Data extracted from a collection
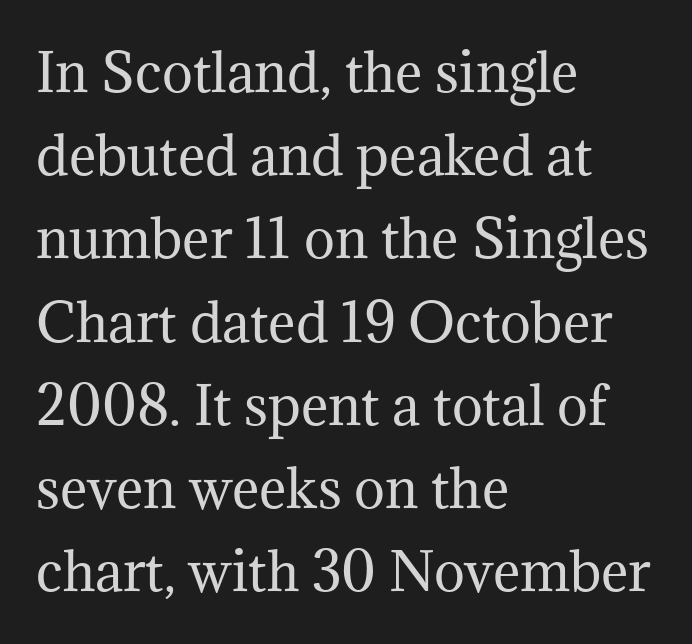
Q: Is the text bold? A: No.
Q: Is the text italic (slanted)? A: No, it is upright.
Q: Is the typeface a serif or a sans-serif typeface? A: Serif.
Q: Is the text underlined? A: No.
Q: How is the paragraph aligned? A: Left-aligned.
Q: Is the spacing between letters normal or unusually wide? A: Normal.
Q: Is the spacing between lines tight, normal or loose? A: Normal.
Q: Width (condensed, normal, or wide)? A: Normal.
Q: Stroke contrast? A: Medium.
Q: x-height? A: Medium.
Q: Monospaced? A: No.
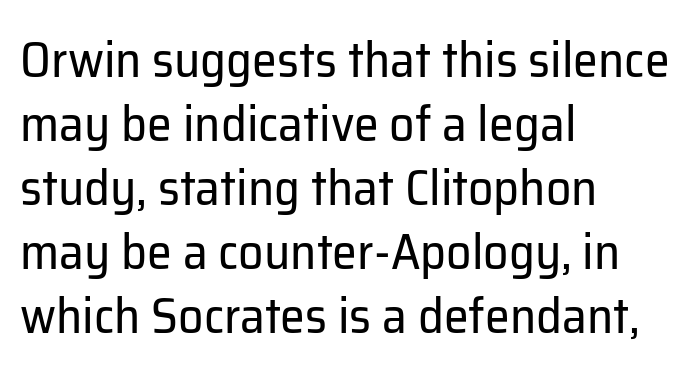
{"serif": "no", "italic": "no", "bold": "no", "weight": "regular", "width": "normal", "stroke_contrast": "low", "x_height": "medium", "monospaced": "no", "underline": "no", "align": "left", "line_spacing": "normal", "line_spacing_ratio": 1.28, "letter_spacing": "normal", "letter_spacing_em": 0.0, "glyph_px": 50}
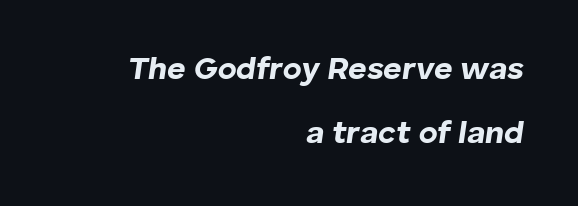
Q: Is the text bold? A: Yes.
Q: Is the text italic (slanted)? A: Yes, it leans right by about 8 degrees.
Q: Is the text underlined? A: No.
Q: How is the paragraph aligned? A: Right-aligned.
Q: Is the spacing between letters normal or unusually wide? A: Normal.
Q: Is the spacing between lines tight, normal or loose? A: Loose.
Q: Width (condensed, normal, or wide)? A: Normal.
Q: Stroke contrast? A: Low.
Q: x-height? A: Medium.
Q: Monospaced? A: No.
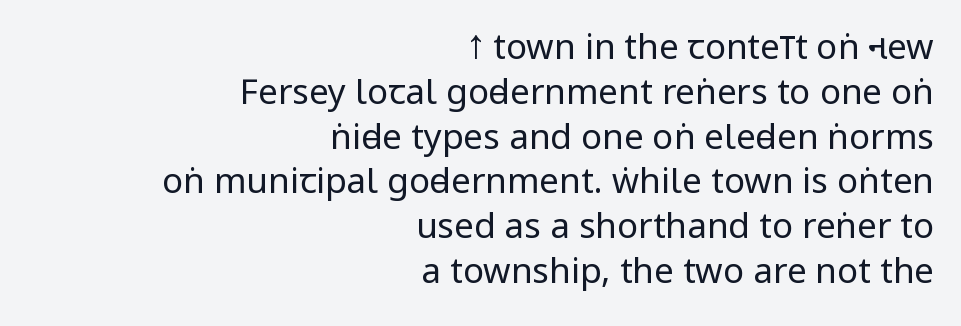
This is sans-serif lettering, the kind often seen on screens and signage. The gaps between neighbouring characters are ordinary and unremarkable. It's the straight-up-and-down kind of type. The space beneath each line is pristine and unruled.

Goal of the exercise - The required output is the exact run of lines from the start of the records through the line containing "Q: How is the paragraph aligned? A: Left-aligned.", both ends included, with no pictures.

The answer -
Q: Is the text bold? A: No.
Q: Is the text italic (slanted)? A: No, it is upright.
Q: Is the typeface a serif or a sans-serif typeface? A: Serif.
Q: Is the text underlined? A: No.
Q: How is the paragraph aligned? A: Left-aligned.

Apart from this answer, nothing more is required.